Greece’s stated aim this year, in the words of its prime minister, is to return to the money markets, and the European Stability Mechanism (ESM) is set to play a key role in that effort, despite European Commission officials and investment managers Pimco saying they don’t expect Greece to return to the markets before 2015.
Athens has repeatedly said that it will tap the markets in the second half of 2014. Market professionals take it for granted that the ESM will guarantee the project’s success by offering some sort of credit line. One of the main scenarios under consideration is for the ESM to support the Greek effort by stating in advance that it will cover a significant part of the state bond issue, to the tune of 33 to 67 percent.
Therefore if Greece proceeds with the issue of five-year bonds to borrow 2 billion euros and ESM states it will cover 50 percent of it, then – depending on the response by private investors – the European Mechanism could proceed to the purchase of bonds up to 1 billion euros. That move would essentially safeguard that the issue would not be left uncovered, with the indirect support convincing even the most skeptical investors to participate in the Greek issue.
Of course such support would come with conditions attached, mainly concerning the implementation of the structural reforms Greece has agreed to in the context of its fiscal streamlining.
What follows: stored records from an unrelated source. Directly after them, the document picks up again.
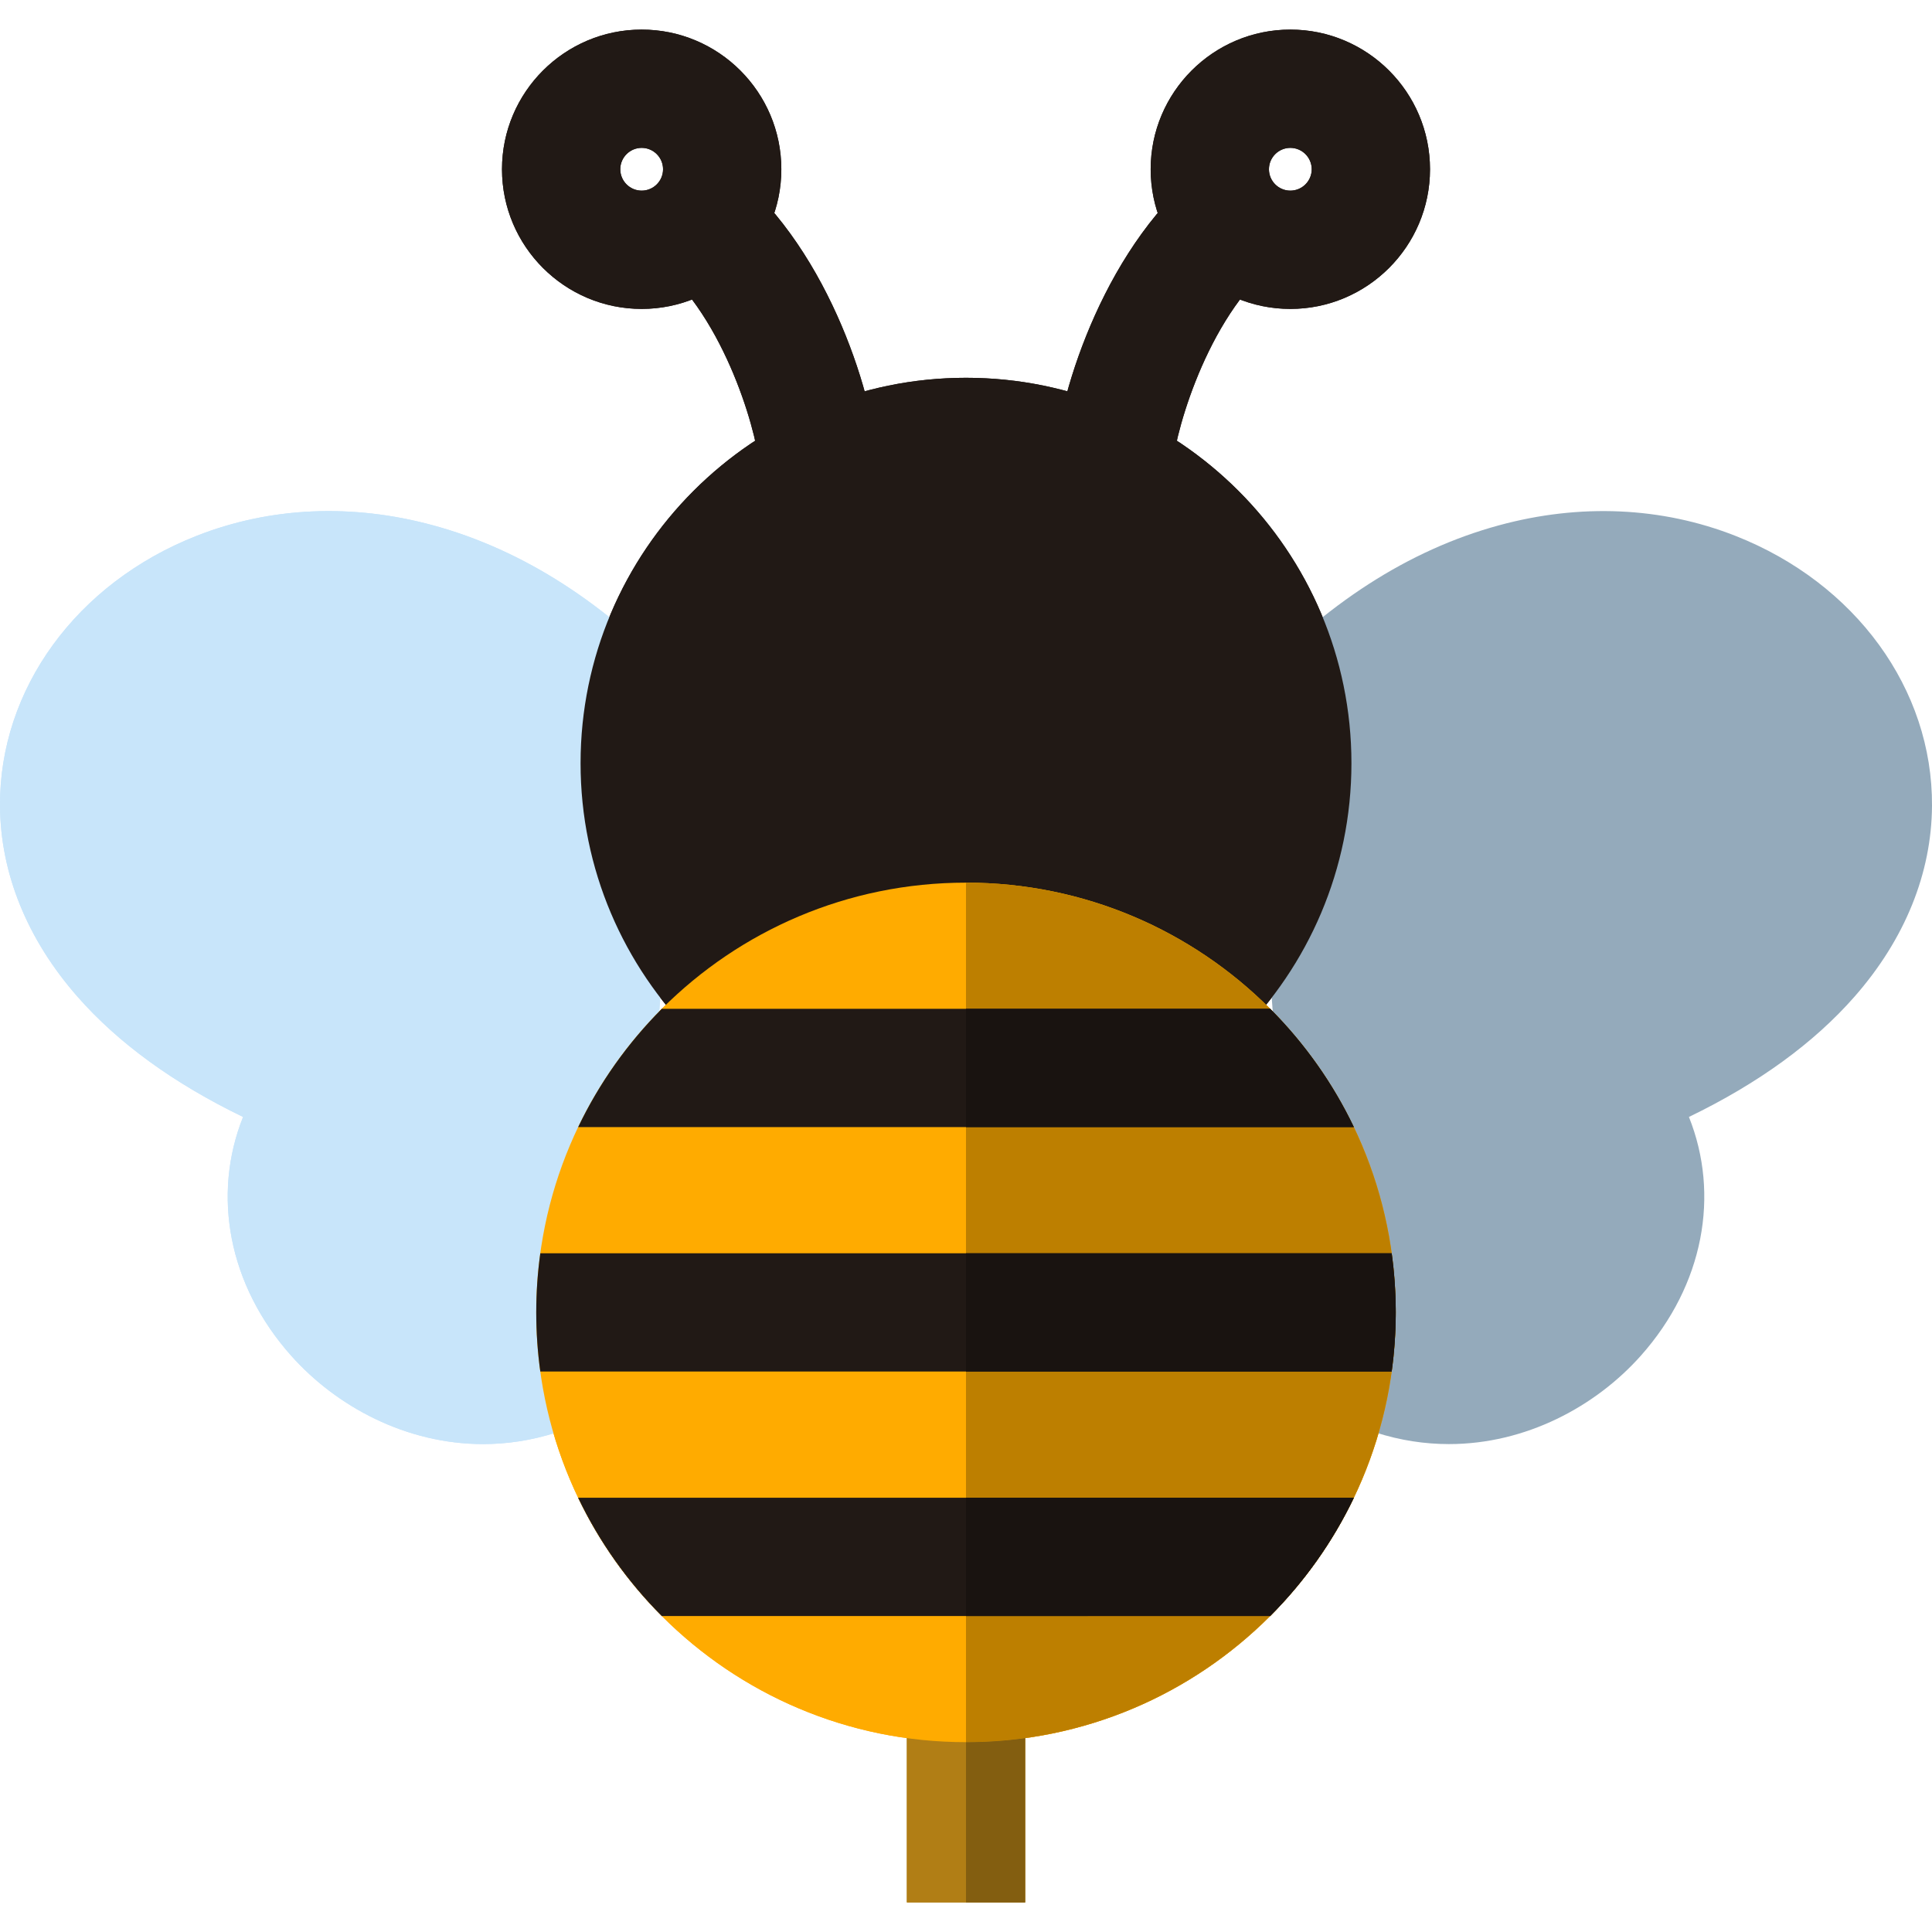 <?xml version="1.0" encoding="iso-8859-1"?>
<!-- Generator: Adobe Illustrator 19.0.0, SVG Export Plug-In . SVG Version: 6.00 Build 0)  -->
<svg version="1.1" id="Layer_1" xmlns="http://www.w3.org/2000/svg" xmlns:xlink="http://www.w3.org/1999/xlink" x="0px" y="0px"
	 viewBox="0 0 512.001 512.001" style="enable-background:new 0 0 512.001 512.001;" xml:space="preserve">
<polyline style="fill:#B17E15;" points="271.675,504.161 240.327,504.161 240.327,446.019 271.675,446.019 271.675,504.161 "/>
<path id="SVGCleanerId_0" style="fill:#C8E5FA;" d="M181.058,181.914c-20.108-21.832-42.408-36.197-66.279-42.695
	c-21.505-5.856-43.184-4.888-62.701,2.795C20.262,154.541-0.18,182.618,0.001,213.547c0.104,17.88,7.185,35.349,20.476,50.514
	c10.824,12.352,25.56,23.057,43.94,31.942c-8.25,20.6-3.948,44.52,12.739,63.265c12.005,13.485,30.473,23.431,50.868,23.431
	c12.691,0,26.132-3.854,39.217-13.105L181.058,181.914z"/>
<path id="SVGCleanerId_1" style="fill:#211915;" d="M170.049,81.868c-20.41,0-37.015-16.604-37.015-37.014
	s16.605-37.014,37.015-37.014s37.014,16.604,37.014,37.014S190.46,81.868,170.049,81.868z M170.049,39.186
	c-3.125,0-5.669,2.543-5.669,5.668s2.543,5.668,5.669,5.668c3.124,0,5.667-2.543,5.667-5.668S173.174,39.186,170.049,39.186z"/>
<path id="SVGCleanerId_2" style="fill:#211915;" d="M232.683,124.717h-31.347c0-7.176-7.931-37.932-25.441-53.645l20.934-23.33
	C221.856,70.199,232.683,109.583,232.683,124.717z"/>
<path id="SVGCleanerId_3" style="fill:#211915;" d="M341.953,81.868c-20.41,0-37.014-16.604-37.014-37.014
	s16.604-37.014,37.014-37.014c20.41,0,37.015,16.604,37.015,37.014S362.363,81.868,341.953,81.868z M341.953,39.186
	c-3.124,0-5.668,2.543-5.668,5.668s2.543,5.668,5.668,5.668c3.125,0,5.669-2.543,5.669-5.668S345.078,39.186,341.953,39.186z"/>
<path id="SVGCleanerId_4" style="fill:#211915;" d="M310.666,124.717H279.32c0-15.134,10.826-54.518,35.854-76.975l20.934,23.33
	C318.596,86.786,310.666,117.541,310.666,124.717z"/>
<path id="SVGCleanerId_5" style="fill:#211915;" d="M256.001,304.408c-56.323,0-102.145-45.823-102.145-102.145
	c0-56.321,45.823-102.144,102.145-102.144c56.323,0,102.144,45.823,102.144,102.144
	C358.144,258.585,312.324,304.408,256.001,304.408"/>
<path id="SVGCleanerId_6" style="fill:#FFAB00;" d="M369.892,347.802c0,62.899-50.991,113.889-113.892,113.889
	S142.11,410.7,142.11,347.802c0-62.901,50.991-113.892,113.891-113.892S369.892,284.901,369.892,347.802"/>
<path id="SVGCleanerId_7" style="fill:#211915;" d="M358.786,396.911h-205.57c5.595,11.69,13.124,22.277,22.176,31.347h161.216
	C345.661,419.188,353.191,408.601,358.786,396.911"/>
<path id="SVGCleanerId_8" style="fill:#211915;" d="M368.812,332.127H143.188c-0.705,5.125-1.078,10.356-1.078,15.674
	s0.373,10.549,1.078,15.672h225.623c0.706-5.123,1.08-10.354,1.08-15.672S369.519,337.252,368.812,332.127"/>
<path id="SVGCleanerId_9" style="fill:#211915;" d="M175.392,267.347c-9.051,9.068-16.58,19.657-22.176,31.347h205.569
	c-5.595-11.69-13.125-22.279-22.177-31.347L175.392,267.347"/>
<polyline style="fill:#B17E15;" points="271.675,504.161 240.327,504.161 240.327,446.019 271.675,446.019 271.675,504.161 "/>
<g>
	<path id="SVGCleanerId_0_1_" style="fill:#C8E5FA;" d="M181.058,181.914c-20.108-21.832-42.408-36.197-66.279-42.695
		c-21.505-5.856-43.184-4.888-62.701,2.795C20.262,154.541-0.18,182.618,0.001,213.547c0.104,17.88,7.185,35.349,20.476,50.514
		c10.824,12.352,25.56,23.057,43.94,31.942c-8.25,20.6-3.948,44.52,12.739,63.265c12.005,13.485,30.473,23.431,50.868,23.431
		c12.691,0,26.132-3.854,39.217-13.105L181.058,181.914z"/>
</g>
<path style="fill:#94AABB;" d="M330.944,181.914c20.108-21.832,42.408-36.197,66.279-42.695c21.505-5.856,43.185-4.888,62.701,2.795
	c31.816,12.527,52.257,40.605,52.077,71.534c-0.105,17.88-7.185,35.349-20.476,50.514c-10.824,12.352-25.56,23.057-43.94,31.942
	c8.25,20.6,3.948,44.52-12.738,63.265c-12.005,13.485-30.473,23.431-50.868,23.431c-12.691,0-26.132-3.854-39.217-13.105
	L330.944,181.914z"/>
<g>
	<path id="SVGCleanerId_1_1_" style="fill:#211915;" d="M170.049,81.868c-20.41,0-37.015-16.604-37.015-37.014
		s16.605-37.014,37.015-37.014s37.014,16.604,37.014,37.014S190.46,81.868,170.049,81.868z M170.049,39.186
		c-3.125,0-5.669,2.543-5.669,5.668s2.543,5.668,5.669,5.668c3.124,0,5.667-2.543,5.667-5.668S173.174,39.186,170.049,39.186z"/>
</g>
<g>
	<path id="SVGCleanerId_2_1_" style="fill:#211915;" d="M232.683,124.717h-31.347c0-7.176-7.931-37.932-25.441-53.645l20.934-23.33
		C221.856,70.199,232.683,109.583,232.683,124.717z"/>
</g>
<g>
	<path id="SVGCleanerId_3_1_" style="fill:#211915;" d="M341.953,81.868c-20.41,0-37.014-16.604-37.014-37.014
		s16.604-37.014,37.014-37.014c20.41,0,37.015,16.604,37.015,37.014S362.363,81.868,341.953,81.868z M341.953,39.186
		c-3.124,0-5.668,2.543-5.668,5.668s2.543,5.668,5.668,5.668c3.125,0,5.669-2.543,5.669-5.668S345.078,39.186,341.953,39.186z"/>
</g>
<g>
	<path id="SVGCleanerId_4_1_" style="fill:#211915;" d="M310.666,124.717H279.32c0-15.134,10.826-54.518,35.854-76.975l20.934,23.33
		C318.596,86.786,310.666,117.541,310.666,124.717z"/>
</g>
<g>
	<path id="SVGCleanerId_5_1_" style="fill:#211915;" d="M256.001,304.408c-56.323,0-102.145-45.823-102.145-102.145
		c0-56.321,45.823-102.144,102.145-102.144c56.323,0,102.144,45.823,102.144,102.144
		C358.144,258.585,312.324,304.408,256.001,304.408"/>
</g>
<g>
	<path id="SVGCleanerId_6_1_" style="fill:#FFAB00;" d="M369.892,347.802c0,62.899-50.991,113.889-113.892,113.889
		S142.11,410.7,142.11,347.802c0-62.901,50.991-113.892,113.891-113.892S369.892,284.901,369.892,347.802"/>
</g>
<path style="fill:#BD7F00;" d="M369.892,347.802c0,62.899-50.991,113.889-113.892,113.889c0-72.961,0-169.603,0-227.781
	C318.901,233.911,369.892,284.901,369.892,347.802"/>
<g>
	<path id="SVGCleanerId_7_1_" style="fill:#211915;" d="M358.786,396.911h-205.57c5.595,11.69,13.124,22.277,22.176,31.347h161.216
		C345.661,419.188,353.191,408.601,358.786,396.911"/>
</g>
<g>
	<path id="SVGCleanerId_8_1_" style="fill:#211915;" d="M368.812,332.127H143.188c-0.705,5.125-1.078,10.356-1.078,15.674
		s0.373,10.549,1.078,15.672h225.623c0.706-5.123,1.08-10.354,1.08-15.672S369.519,337.252,368.812,332.127"/>
</g>
<g>
	<path id="SVGCleanerId_9_1_" style="fill:#211915;" d="M175.392,267.347c-9.051,9.068-16.58,19.657-22.176,31.347h205.569
		c-5.595-11.69-13.125-22.279-22.177-31.347L175.392,267.347"/>
</g>
<path style="fill:#835E10;" d="M271.675,460.622c-5.123,0.705-10.357,1.07-15.674,1.07c0,25.588,0,42.47,0,42.47h15.674V460.622"/>
<g>
	<path style="fill:#191310;" d="M358.786,396.911H256.001c0,10.831,0,21.378,0,31.347H336.6
		c9.053-9.069,16.585-19.656,22.181-31.347"/>
	<path style="fill:#191310;" d="M368.812,332.127H256.001c0,10.318,0,20.852,0,31.347h112.811c0.661-4.798,1.031-9.69,1.075-14.662
		c0-0.039,0-0.077,0.001-0.115c0-0.084,0.001-0.167,0.001-0.251c0-0.074,0.001-0.147,0.001-0.222c0-0.034,0-0.069,0-0.103
		c0-0.108,0-0.213,0-0.32l0,0l0,0c0-0.108,0-0.213,0-0.32c0-0.034,0-0.069,0-0.104c0-0.074,0-0.147-0.001-0.222
		c0-0.084-0.001-0.167-0.002-0.251c0-0.039,0-0.076-0.001-0.115C369.843,341.82,369.474,336.927,368.812,332.127"/>
	<path style="fill:#191310;" d="M336.601,267.347h-80.6c0,9.604,0,20.175,0,31.347h102.784c-5.455-11.399-12.75-21.75-21.503-30.666
		l0.001,0.008C337.056,267.805,336.83,267.577,336.601,267.347"/>
</g>
<g>
</g>
<g>
</g>
<g>
</g>
<g>
</g>
<g>
</g>
<g>
</g>
<g>
</g>
<g>
</g>
<g>
</g>
<g>
</g>
<g>
</g>
<g>
</g>
<g>
</g>
<g>
</g>
<g>
</g>
</svg>

Nevertheless a European Commission document dated December 16, 2013 that emerged on Friday suggested Greece will only make a partial return to the money markets in 2015. In a response to an investigation by the European Parliament on the bailout agreements for eurozone countries, the Commission expressly stated that “the expectation is that market access for Greece could partly resume from 2015.” On Friday a senior officer at Pimco also told German newspaper Suddeutsche Zeitung that the firm is not expecting Greece to return to the market before 2015.
Despite these statements, the messages coming from the international markets point to an eagerness on the part of investors to buy Greek debt again, as they watch the spread between the benchmark 10-year bond with the German 10-year bund continue to drop.